Data under study:
'''

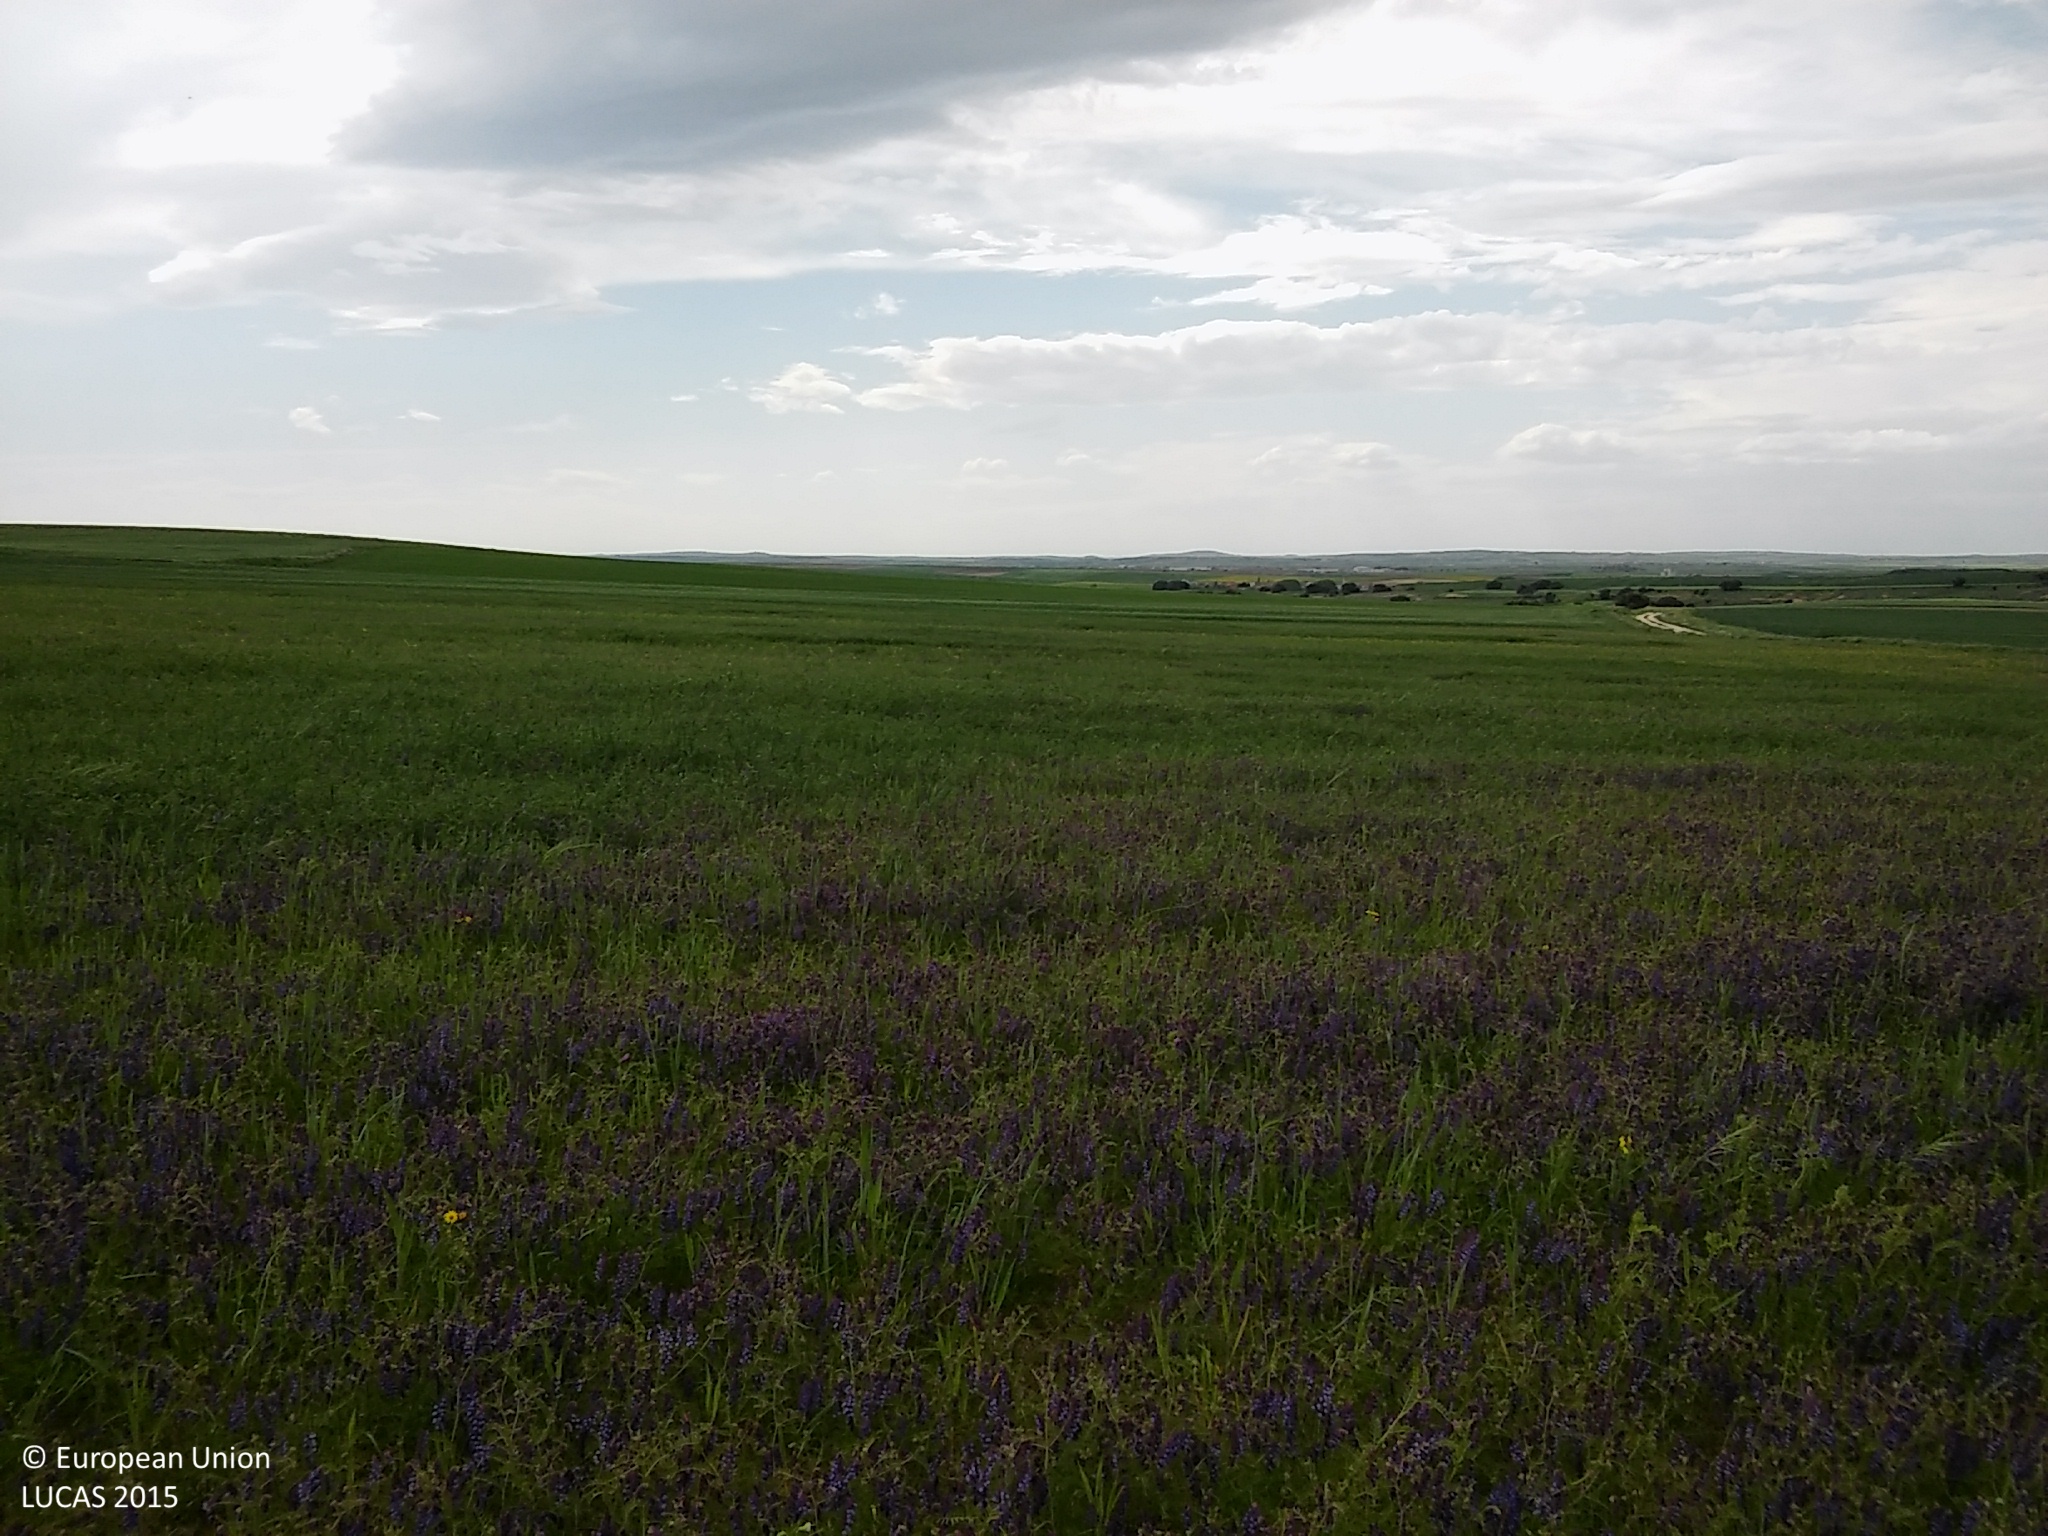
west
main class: Cropland
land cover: Dry pulses
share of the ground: > 75 %
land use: Agriculture (excluding fallow land and kitchen gardens)
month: May
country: ES
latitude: 41.0606
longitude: -4.0805

'''

Problem statement: Omit every picture while printing the data word for word.

Answer section:
west
main class: Cropland
land cover: Dry pulses
share of the ground: > 75 %
land use: Agriculture (excluding fallow land and kitchen gardens)
month: May
country: ES
latitude: 41.0606
longitude: -4.0805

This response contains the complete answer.